Updated on 2024-10-08 GMT+08:00

Using DistCp to Copy HDFS Data Across Clusters

Scenario

DistCp is a tool used to perform large-amount data replication between clusters or in a cluster. It uses MapReduce tasks to implement distributed copy of a large amount of data.

Prerequisites

  • The Yarn client or a client that contains Yarn has been installed. For example, the installation directory is /opt/client.
  • Service users of each component are created by the MRS cluster administrator based on service requirements. In security mode, machine-machine users need to download the keytab file. A human-machine user must change the password upon the first login. (Not involved in normal mode)
  • If data needs to be copied between clusters, the data copy function must be enabled for both the clusters.

Procedure

  1. Log in to the node where the client is installed.
  2. Run the following command to go to the client installation directory:

    cd /opt/client

  3. Run the following command to configure environment variables:

    source bigdata_env

  4. If the cluster is in security mode, the user group to which the user executing the DistCp command belongs must be supergroup and the user run the following command to perform user authentication. In normal mode, user authentication is not required.

    kinit Component service user

  5. Run the DistCp command. The following provides an example:

    hadoop distcp hdfs://hacluster/source hdfs://hacluster/target

Common Usage of DistCp

  1. The following is an example of the commonest usage of DistCp:
    hadoop distcp -numListstatusThreads 40 -update -delete -prbugpaxtq hdfs://cluster1/source hdfs://cluster2/target

    In the preceding command:

    • -numListstatusThreads specifies the number of threads for creating the list of 40 copied files.
    • -update -delete specifies that files at the source location and the target location are synchronized, and that files with excessive target locations are deleted. If you need to copy files incrementally, delete -delete.
    • If -prbugpaxtq and -update are used, it indicates that the status information of the copied file is also updated.
    • hdfs://cluster1/source indicates the source location, and hdfs://cluster2/target indicates the target location.
  2. The following is an example of data copy between clusters:
    hadoop distcp hdfs://cluster1/foo/bar hdfs://cluster2/bar/foo

    The network between cluster1 and cluster2 must be reachable, and the two clusters must use the same HDFS version or compatible HDFS versions.

  3. The following are multiple examples of data copy in a source directory:
    hadoop distcp hdfs://cluster1/foo/a \
    hdfs://cluster1/foo/b \
    hdfs://cluster2/bar/foo

    The preceding command is used to copy the folders a and b of cluster1 to the /bar/foo directory of cluster2. The effect is equivalent to that of the following commands:

    hadoop distcp -f hdfs://cluster1/srclist \
    hdfs://cluster2/bar/foo

    The content of srclist is as follows. Before running the DistCp command, upload the srclist file to HDFS.
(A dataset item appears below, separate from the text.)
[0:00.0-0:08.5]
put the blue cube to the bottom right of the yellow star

    hdfs://cluster1/foo/a 
    hdfs://cluster1/foo/b
  4. Usage of the update and overwrite options is as follows:
    • -update copies files from source that do not exist at the target or differ from the target version.
    • -overwrite overwrites target files that exist at the target.
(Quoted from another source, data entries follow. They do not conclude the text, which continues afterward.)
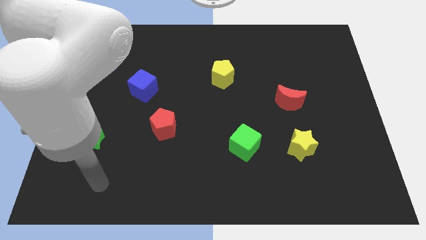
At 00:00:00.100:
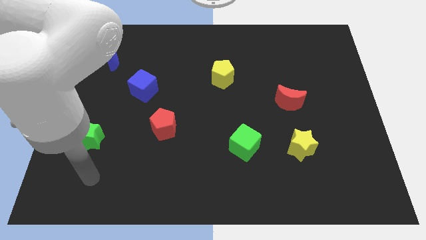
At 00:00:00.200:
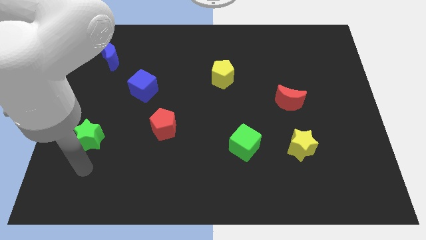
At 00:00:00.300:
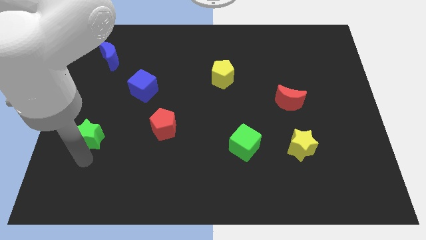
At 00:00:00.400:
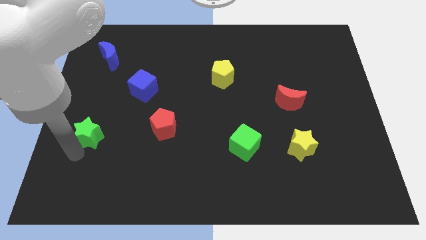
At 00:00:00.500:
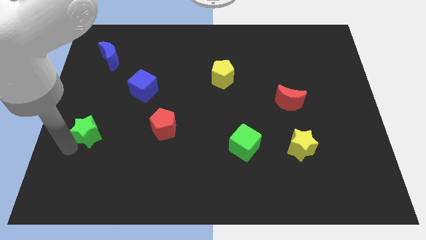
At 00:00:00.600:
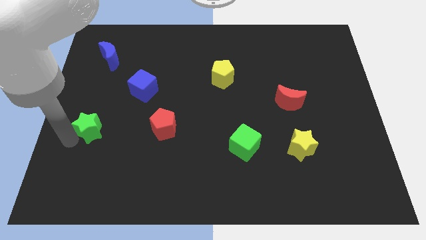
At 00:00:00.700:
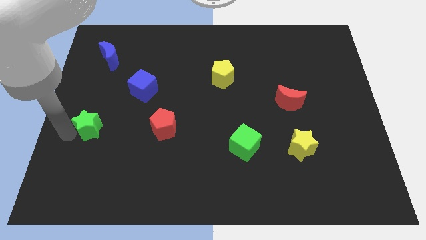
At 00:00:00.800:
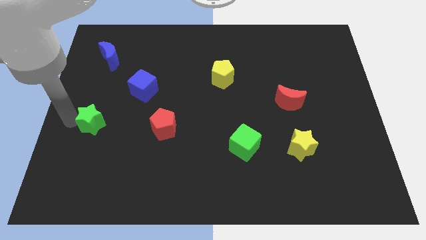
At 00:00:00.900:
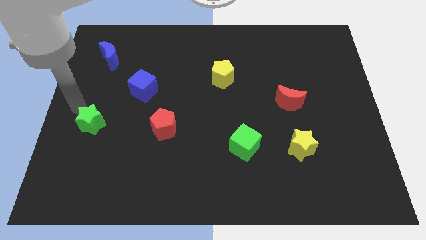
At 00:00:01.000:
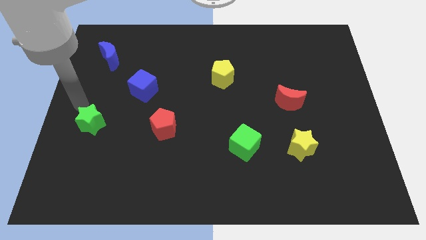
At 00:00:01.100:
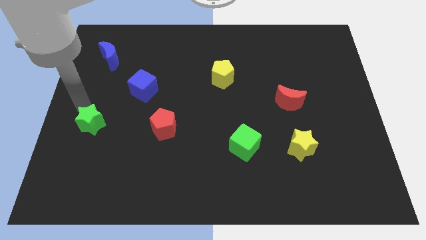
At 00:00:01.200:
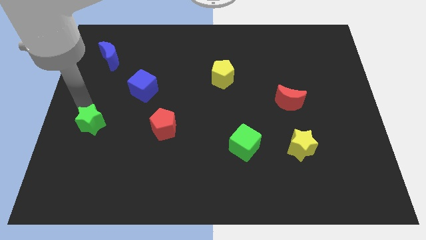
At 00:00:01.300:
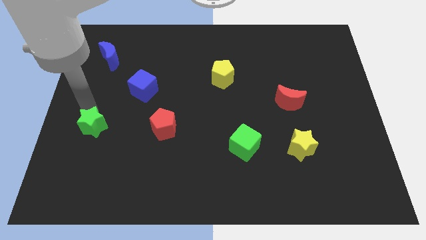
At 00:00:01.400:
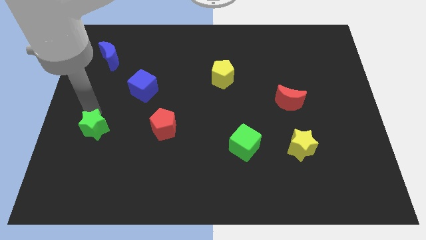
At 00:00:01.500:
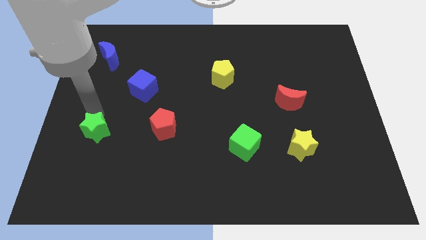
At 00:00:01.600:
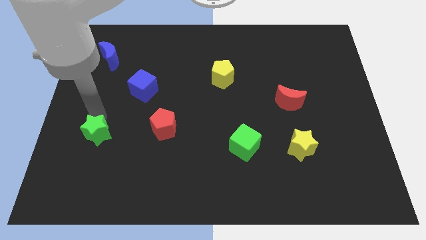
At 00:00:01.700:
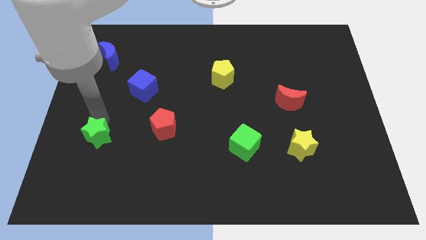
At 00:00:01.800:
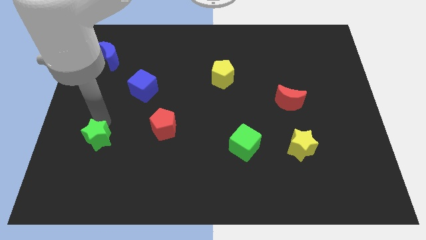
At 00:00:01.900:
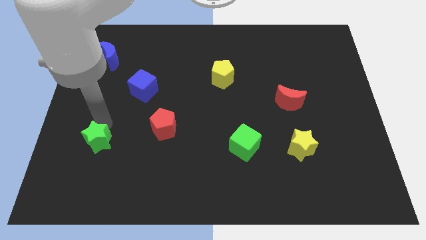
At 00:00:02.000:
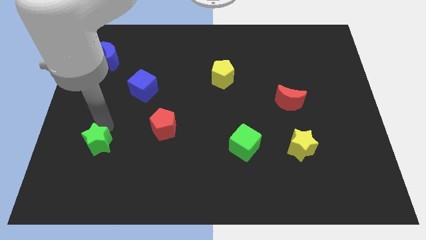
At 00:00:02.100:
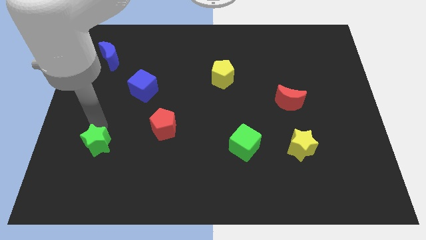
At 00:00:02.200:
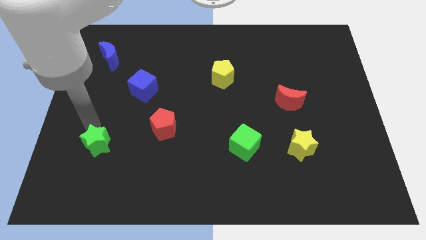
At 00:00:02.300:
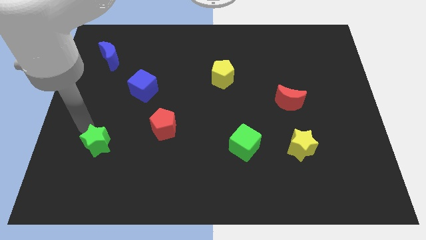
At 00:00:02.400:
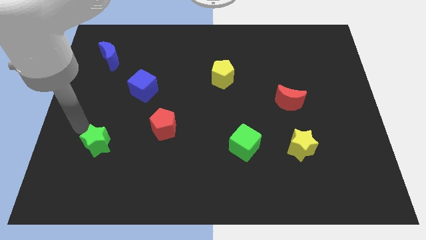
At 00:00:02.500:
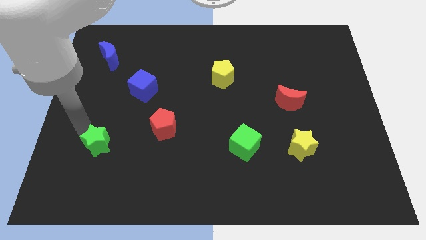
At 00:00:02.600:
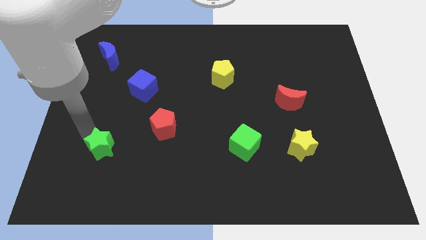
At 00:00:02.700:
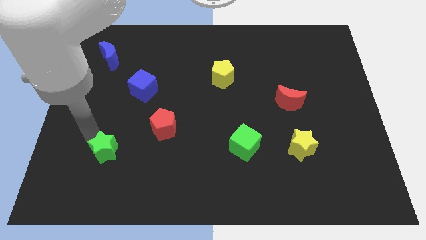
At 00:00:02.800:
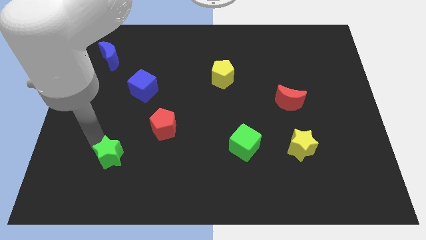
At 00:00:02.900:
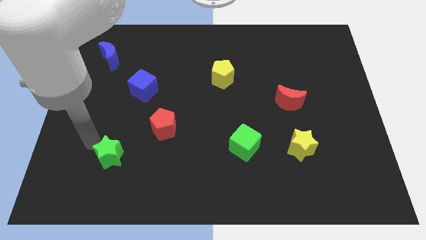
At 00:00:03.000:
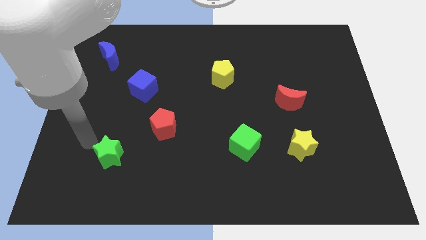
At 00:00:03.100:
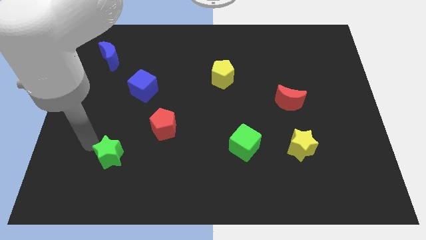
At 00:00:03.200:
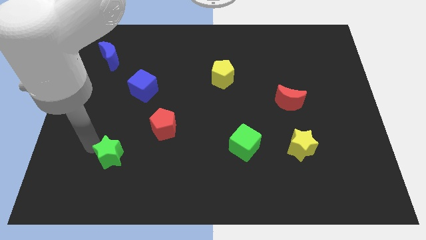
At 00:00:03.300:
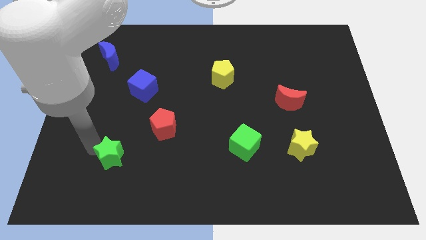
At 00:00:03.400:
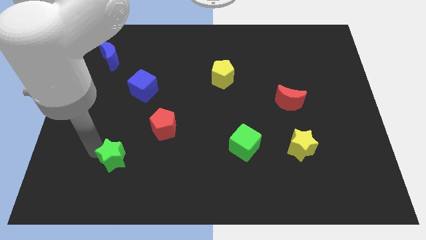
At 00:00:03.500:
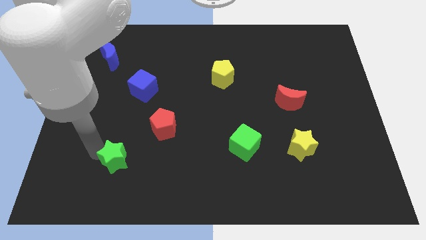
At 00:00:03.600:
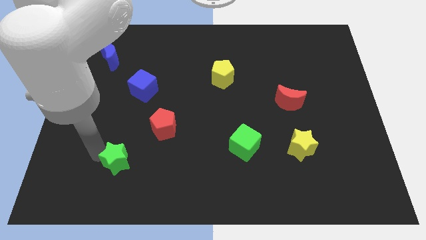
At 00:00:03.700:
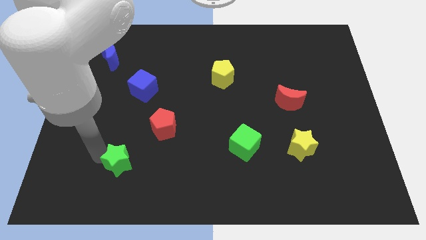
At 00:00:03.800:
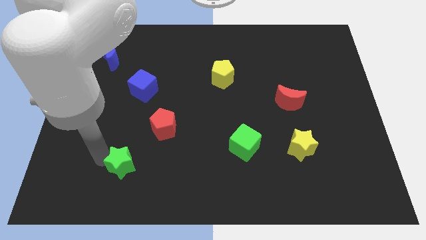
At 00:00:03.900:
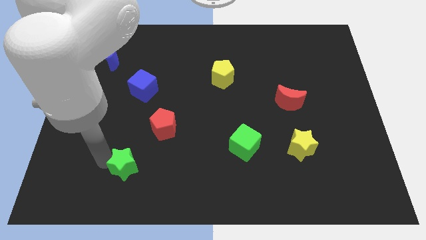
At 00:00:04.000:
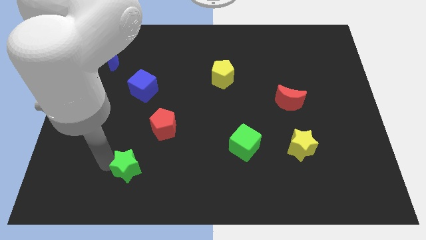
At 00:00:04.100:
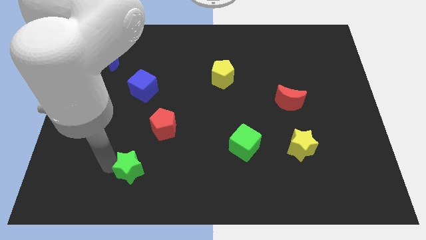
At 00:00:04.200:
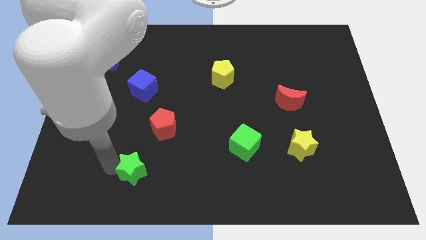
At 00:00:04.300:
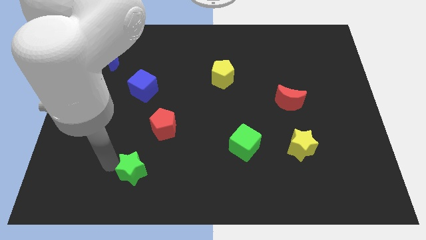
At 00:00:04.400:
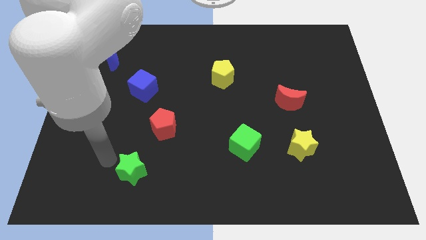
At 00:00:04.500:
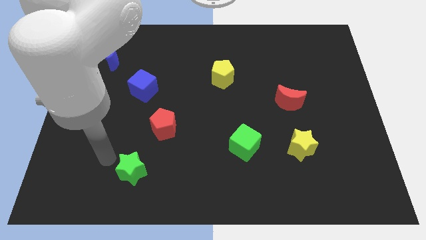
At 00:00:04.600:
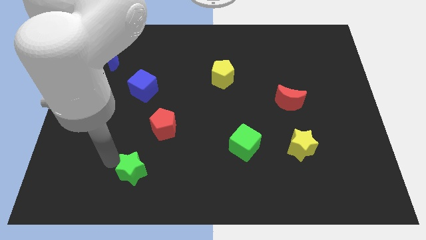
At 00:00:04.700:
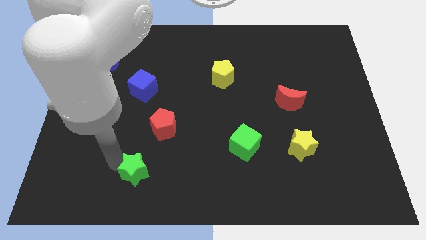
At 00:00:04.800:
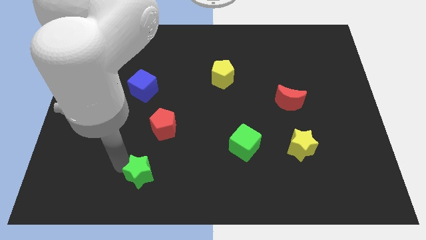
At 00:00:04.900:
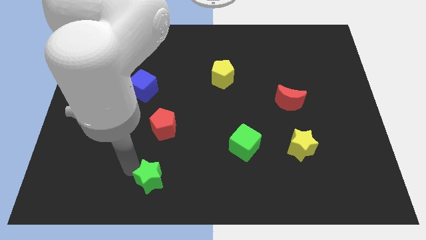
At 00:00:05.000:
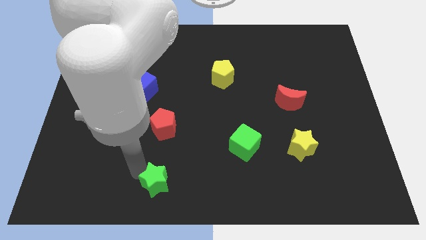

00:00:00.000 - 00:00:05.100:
move the green star to the bottom

    The following is an example of the difference between no option and any one of the two options (either update or overwrite) that is added:

    Assume that the structure of a file at the source location is as follows:

    hdfs://cluster1/source/first/1 
    hdfs://cluster1/source/first/2 
    hdfs://cluster1/source/second/10 
    hdfs://cluster1/source/second/20

    Commands without options are as follows:

    hadoop distcp hdfs://cluster1/source/first hdfs://cluster1/source/second hdfs://cluster2/target

    By default, the preceding command creates the first and second folders at the target location. Therefore, the copy results are as follows:

    hdfs://cluster2/target/first/1 
    hdfs://cluster2/target/first/2 
    hdfs://cluster2/target/second/10 
    hdfs://cluster2/target/second/20

    The command with any one of the two options (for example, update) is as follows:

    hadoop distcp -update hdfs://cluster1/source/first hdfs://cluster1/source/second hdfs://cluster2/target

    The preceding command copies only the content at the source location to the target location. Therefore, the copy results are as follows:

    hdfs://cluster2/target/1 
    hdfs://cluster2/target/2 
    hdfs://cluster2/target/10 
    hdfs://cluster2/target/20
    • If files with the same name exist in multiple source locations, the DistCp command fails.
    • If neither update nor overwrite is used and the file to be copied already exists in the target location, the file will be skipped.
    • When update is used, if the file to be copied already exists in the target location but the file content is different, the file content in the target location is updated.
    • When overwrite is used, if the file to be copied already exists in the target location, the file in the target location is still overwritten.
  5. The following table describes other command options:
    Table 1 Other command options

    Option

    Description

    -p[rbugpcaxtq]

    When -update is also used, the status information of a copied file is updated even if the content of the copied file is not updated.

    r: number of copies

    b: size of a block

    u: user to which the files belong

    g: user group to which the user belongs

    p: permission

    c: check and type

    a: access control

    t: timestamp

    q: quota information

    -i

    Failures ignored during copying

    -log <logdir>

    Path of the specified log

    -v

    Additional information in the specified log

    -m <num_maps>

    Maximum number of concurrent copy tasks that can be executed at the same time

    -numListstatusThreads

    Number of threads for constituting the list of copied files. This option increases the accelerates DistCp execution.

    -overwrite

    File at the target location that is to be overwritten

    -update

    A file at the target location will be updated if it has different size and checksum from the file at the target location.

    -append

    When -update is also used, the content of the file at the source location is added to the file at the target location.

    -f <urilist_uri>

    Content of the <urilist_uri> file is used as the file list to be copied.

    -filters

    A local file is specified whose content contains multiple regular expressions. If the file to be copied matches a regular expression, the file will not be copied.

    -async

    Run distcp asynchronously.

    -atomic {-tmp <tmp_dir>}

    Perform an atomic copy. You can add a temporary directory during copying.

    -bandwidth

    Transmission bandwidth of each copy task. Unit: MB/s.

    -delete

    The files that exist in the target location is deleted but do not exist in the source location. This option is usually used with -update, and indicates that files at the source location are synchronized with those at the target location and that redundant files at the target location are deleted.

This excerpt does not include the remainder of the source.